The audio encoding device according to claim 2, wherein the determination unit determines the mixing rate such that the lower the correlation is, the larger the mixing rate is, and the higher the correlation is, the smaller the mixing rate is.

The correlation value indicating the correlation is an integrated value of a product of frequency spectra of the audio signals of the first and second channels for each predetermined frequency band, and a frequency of the audio signals of the first and second channels.
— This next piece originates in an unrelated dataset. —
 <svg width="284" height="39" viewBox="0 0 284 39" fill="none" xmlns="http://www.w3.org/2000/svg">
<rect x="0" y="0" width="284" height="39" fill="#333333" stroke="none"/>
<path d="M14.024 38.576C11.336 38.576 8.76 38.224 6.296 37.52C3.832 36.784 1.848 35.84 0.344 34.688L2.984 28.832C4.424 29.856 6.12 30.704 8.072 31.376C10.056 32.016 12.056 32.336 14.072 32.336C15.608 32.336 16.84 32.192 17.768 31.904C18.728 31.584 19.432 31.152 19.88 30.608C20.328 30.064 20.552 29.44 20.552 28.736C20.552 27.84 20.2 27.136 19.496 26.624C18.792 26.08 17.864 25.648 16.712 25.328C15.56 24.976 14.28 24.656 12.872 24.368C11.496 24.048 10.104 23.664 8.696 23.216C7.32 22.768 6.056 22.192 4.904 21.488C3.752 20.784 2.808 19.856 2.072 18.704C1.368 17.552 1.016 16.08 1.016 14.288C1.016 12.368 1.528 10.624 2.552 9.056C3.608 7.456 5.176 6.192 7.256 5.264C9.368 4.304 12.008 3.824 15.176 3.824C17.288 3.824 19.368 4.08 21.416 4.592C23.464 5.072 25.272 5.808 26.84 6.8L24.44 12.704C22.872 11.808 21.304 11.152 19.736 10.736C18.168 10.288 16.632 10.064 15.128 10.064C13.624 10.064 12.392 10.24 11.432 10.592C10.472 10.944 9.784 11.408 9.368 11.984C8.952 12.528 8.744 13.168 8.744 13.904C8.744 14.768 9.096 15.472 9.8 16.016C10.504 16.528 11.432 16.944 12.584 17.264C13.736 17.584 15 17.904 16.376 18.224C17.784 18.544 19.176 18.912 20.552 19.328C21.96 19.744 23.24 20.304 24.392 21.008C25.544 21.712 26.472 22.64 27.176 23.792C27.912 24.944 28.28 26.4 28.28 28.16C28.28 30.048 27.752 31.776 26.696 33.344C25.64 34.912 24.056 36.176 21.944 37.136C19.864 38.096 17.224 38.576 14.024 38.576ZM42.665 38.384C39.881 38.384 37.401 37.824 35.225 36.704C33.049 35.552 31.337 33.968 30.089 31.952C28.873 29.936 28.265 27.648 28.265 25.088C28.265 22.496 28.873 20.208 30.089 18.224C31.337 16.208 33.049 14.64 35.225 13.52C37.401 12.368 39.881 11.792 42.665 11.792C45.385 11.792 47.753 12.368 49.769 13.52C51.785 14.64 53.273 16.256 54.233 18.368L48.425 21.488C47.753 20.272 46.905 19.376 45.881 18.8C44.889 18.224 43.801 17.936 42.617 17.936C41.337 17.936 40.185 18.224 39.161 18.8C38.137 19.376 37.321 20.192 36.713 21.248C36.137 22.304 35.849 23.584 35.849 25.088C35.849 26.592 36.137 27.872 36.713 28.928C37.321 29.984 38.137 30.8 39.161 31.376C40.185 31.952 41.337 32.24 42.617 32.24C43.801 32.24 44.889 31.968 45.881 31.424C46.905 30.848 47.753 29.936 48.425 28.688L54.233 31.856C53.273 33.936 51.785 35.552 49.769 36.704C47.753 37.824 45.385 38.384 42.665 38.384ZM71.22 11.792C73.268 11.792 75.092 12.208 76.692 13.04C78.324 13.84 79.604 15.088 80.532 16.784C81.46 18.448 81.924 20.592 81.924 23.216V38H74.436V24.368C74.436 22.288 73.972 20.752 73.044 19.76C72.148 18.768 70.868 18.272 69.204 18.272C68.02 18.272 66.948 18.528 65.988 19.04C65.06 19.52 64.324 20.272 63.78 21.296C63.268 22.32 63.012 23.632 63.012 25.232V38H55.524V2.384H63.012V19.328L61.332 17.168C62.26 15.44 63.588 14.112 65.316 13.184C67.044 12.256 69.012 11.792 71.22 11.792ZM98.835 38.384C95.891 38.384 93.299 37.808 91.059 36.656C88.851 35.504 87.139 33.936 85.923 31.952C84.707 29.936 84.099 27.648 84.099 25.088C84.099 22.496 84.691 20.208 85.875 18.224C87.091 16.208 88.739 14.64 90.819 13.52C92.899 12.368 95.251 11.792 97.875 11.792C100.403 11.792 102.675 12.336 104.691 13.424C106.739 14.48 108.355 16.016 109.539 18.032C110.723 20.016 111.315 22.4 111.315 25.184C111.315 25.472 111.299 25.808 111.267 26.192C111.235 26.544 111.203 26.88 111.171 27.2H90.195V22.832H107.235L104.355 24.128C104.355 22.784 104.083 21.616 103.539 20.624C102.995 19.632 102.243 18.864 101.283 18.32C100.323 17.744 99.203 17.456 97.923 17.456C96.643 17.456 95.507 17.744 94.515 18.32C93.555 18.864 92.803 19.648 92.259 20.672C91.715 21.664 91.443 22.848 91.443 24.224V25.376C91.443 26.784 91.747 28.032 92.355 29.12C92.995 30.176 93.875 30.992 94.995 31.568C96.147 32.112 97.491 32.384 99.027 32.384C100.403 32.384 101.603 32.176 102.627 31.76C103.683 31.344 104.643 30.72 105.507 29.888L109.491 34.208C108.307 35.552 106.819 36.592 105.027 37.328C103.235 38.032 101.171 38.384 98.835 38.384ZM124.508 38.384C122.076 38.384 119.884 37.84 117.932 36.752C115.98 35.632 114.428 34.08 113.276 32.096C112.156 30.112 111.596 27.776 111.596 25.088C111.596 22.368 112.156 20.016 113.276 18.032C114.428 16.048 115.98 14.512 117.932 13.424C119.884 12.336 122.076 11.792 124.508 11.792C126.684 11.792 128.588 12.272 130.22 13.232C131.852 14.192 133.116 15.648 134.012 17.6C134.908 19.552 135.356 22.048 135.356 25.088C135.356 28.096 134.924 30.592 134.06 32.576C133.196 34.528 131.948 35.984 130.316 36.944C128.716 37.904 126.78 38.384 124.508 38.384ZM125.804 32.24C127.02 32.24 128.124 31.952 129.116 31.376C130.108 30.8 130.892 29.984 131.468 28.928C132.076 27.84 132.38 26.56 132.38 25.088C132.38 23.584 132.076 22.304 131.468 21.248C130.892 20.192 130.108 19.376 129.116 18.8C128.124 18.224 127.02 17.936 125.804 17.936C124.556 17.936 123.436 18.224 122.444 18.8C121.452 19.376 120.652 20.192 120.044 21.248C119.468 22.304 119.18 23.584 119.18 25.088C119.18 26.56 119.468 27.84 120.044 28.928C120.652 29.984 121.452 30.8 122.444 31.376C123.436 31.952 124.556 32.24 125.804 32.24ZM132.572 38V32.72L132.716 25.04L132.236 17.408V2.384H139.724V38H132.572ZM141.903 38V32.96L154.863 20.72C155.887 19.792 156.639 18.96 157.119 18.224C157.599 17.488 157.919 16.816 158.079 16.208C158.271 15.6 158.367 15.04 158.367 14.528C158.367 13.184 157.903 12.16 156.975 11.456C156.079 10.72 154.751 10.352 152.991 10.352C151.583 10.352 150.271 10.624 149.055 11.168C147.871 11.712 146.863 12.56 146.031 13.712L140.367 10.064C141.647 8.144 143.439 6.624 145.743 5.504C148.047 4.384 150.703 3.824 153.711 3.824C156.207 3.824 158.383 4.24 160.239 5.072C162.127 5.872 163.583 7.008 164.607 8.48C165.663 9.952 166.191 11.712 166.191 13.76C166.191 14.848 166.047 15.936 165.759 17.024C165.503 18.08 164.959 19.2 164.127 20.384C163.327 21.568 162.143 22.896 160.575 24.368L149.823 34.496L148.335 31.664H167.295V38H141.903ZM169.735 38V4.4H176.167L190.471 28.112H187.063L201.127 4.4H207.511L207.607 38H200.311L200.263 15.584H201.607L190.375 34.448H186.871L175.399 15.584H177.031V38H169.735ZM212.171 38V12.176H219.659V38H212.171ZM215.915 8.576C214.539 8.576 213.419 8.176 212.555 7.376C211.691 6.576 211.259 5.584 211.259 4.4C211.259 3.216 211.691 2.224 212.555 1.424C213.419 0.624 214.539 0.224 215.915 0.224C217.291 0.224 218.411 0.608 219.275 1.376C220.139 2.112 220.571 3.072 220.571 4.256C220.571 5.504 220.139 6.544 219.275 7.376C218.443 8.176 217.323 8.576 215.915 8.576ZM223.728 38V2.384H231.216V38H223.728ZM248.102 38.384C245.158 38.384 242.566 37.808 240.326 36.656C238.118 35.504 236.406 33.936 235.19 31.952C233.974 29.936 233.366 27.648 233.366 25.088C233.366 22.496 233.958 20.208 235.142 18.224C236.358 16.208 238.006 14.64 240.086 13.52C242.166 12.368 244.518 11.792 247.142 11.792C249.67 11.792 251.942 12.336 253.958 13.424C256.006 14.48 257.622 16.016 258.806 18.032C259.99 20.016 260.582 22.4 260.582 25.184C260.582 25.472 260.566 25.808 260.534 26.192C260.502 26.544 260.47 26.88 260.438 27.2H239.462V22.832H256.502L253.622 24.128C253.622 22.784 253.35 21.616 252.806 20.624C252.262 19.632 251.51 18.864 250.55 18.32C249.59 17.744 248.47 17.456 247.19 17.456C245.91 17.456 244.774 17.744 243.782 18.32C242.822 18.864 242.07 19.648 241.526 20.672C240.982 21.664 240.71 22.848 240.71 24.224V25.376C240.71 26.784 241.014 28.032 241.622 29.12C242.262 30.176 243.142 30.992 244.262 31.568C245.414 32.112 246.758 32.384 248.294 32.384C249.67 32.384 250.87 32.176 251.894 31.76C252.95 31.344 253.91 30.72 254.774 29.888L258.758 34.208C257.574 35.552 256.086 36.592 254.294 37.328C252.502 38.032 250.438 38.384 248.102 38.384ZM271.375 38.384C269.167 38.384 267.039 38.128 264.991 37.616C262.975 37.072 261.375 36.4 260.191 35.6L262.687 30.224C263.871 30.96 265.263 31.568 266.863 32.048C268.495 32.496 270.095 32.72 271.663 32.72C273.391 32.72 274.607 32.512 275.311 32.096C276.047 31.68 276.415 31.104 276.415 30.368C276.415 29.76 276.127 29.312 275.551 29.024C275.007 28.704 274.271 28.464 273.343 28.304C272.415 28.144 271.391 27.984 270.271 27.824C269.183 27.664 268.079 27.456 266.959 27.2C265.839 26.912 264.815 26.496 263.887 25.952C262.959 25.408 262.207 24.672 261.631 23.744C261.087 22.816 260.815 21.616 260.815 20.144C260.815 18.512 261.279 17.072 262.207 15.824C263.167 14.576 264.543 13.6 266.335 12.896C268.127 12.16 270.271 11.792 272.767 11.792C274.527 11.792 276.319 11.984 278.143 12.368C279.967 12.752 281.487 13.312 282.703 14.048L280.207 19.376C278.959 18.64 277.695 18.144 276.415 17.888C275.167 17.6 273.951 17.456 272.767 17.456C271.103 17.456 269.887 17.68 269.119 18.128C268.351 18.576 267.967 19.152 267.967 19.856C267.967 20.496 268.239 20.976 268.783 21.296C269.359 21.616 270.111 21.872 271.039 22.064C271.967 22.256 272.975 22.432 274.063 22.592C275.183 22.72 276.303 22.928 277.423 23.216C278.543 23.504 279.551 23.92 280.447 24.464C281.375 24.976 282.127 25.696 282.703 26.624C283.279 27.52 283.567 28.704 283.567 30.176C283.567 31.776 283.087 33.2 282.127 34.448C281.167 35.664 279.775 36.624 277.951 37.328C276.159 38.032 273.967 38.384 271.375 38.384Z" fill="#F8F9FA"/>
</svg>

Divided by the product of the spectrum levels,
The audio encoding device according to claim 2 , wherein the determination unit determines the mixing ratio to be 0 when the correlation value is smaller than a predetermined negative threshold value greater than -1.
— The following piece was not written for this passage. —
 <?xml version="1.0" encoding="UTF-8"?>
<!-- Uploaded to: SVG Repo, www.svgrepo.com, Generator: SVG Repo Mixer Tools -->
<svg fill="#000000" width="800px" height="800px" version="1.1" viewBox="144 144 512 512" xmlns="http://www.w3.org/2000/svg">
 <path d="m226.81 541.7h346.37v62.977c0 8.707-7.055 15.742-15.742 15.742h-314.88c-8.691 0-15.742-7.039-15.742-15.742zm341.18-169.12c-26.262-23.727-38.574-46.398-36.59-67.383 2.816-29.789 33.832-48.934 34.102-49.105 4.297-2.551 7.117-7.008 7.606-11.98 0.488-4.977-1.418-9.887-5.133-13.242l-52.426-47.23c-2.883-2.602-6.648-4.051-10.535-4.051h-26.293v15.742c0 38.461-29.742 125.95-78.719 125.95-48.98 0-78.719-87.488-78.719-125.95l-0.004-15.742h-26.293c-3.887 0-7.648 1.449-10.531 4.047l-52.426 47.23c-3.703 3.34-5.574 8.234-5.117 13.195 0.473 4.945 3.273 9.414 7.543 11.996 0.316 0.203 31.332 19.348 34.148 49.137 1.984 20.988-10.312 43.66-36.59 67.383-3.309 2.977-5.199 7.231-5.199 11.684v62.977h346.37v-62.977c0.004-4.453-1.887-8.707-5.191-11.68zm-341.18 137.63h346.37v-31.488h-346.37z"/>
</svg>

The determination unit is configured to reduce the mixing ratio as the ratio of the frequency spectrum level of the first channel audio signal to the frequency spectrum level of the second channel audio signal is farther from 1. The audio encoding device according to claim 1, wherein the rate is determined.

When the absolute value of the logarithm of the ratio of the frequency spectrum level of the audio signal of the first channel to the level of the frequency spectrum of the audio signal of the second channel is equal to or greater than a predetermined threshold, the determination unit The audio encoding device according to claim 5 , wherein the rate is determined to be zero.

The determination unit, for each the predetermined frequency band, also based on the frequency of the predetermined frequency band, the audio coding apparatus according to any one of claims 1 to 6 to determine the mixing ratio.

The audio code according to any one of claims 1 to 7 , wherein the encoding unit performs intensity stereo encoding of the mixed frequency spectrum of the first channel and the mixed frequency spectrum of the second channel. Device.

Audio encoding device
For each predetermined frequency band, based on the level ratio of the frequency spectrum of the first and second channels of the audio signal, the frequency spectrum of the audio signal of the second channel in the frequency spectrum after mixing of the first channel A determination step for determining a mixing ratio that is a ratio of
For each of the predetermined frequency band, to include the frequency spectrum of the audio signal of the second channel in the mixing ratio, the first by mixing the frequency spectrum of the first and second channels of the audio signal A frequency spectrum after mixing of one channel is generated, and the frequency spectrum of the audio signal of the first and second channels is mixed so that the frequency spectrum of the audio signal of the first channel is included at the mixing ratio. A mixing step of generating a frequency spectrum after mixing of the second channel by :
Coding step and the including audio encoding method for encoding the frequency spectrum after mixing of the frequency spectrum a second channel after the mixing of the first channel.

On the computer,
For each predetermined frequency band, based on the level ratio of the frequency spectrum of the first and second channels of the audio signal, the frequency spectrum of the audio signal of the second channel in the frequency spectrum after mixing of the first channel A determination step for determining a mixing ratio that is a ratio of
For each of the predetermined frequency band, to include the frequency spectrum of the audio signal of the second channel in the mixing ratio, the first by mixing the frequency spectrum of the first and second channels of the audio signal A frequency spectrum after mixing of one channel is generated, and the frequency spectrum of the audio signal of the first and second channels is mixed so that the frequency spectrum of the audio signal of the first channel is included at the mixing ratio. A mixing step of generating a frequency spectrum after mixing of the second channel by :
Program for causing an encoding step of encoding a frequency spectrum after mixing of the first and the second channel and the frequency spectrum after mixing channel to execute including processing.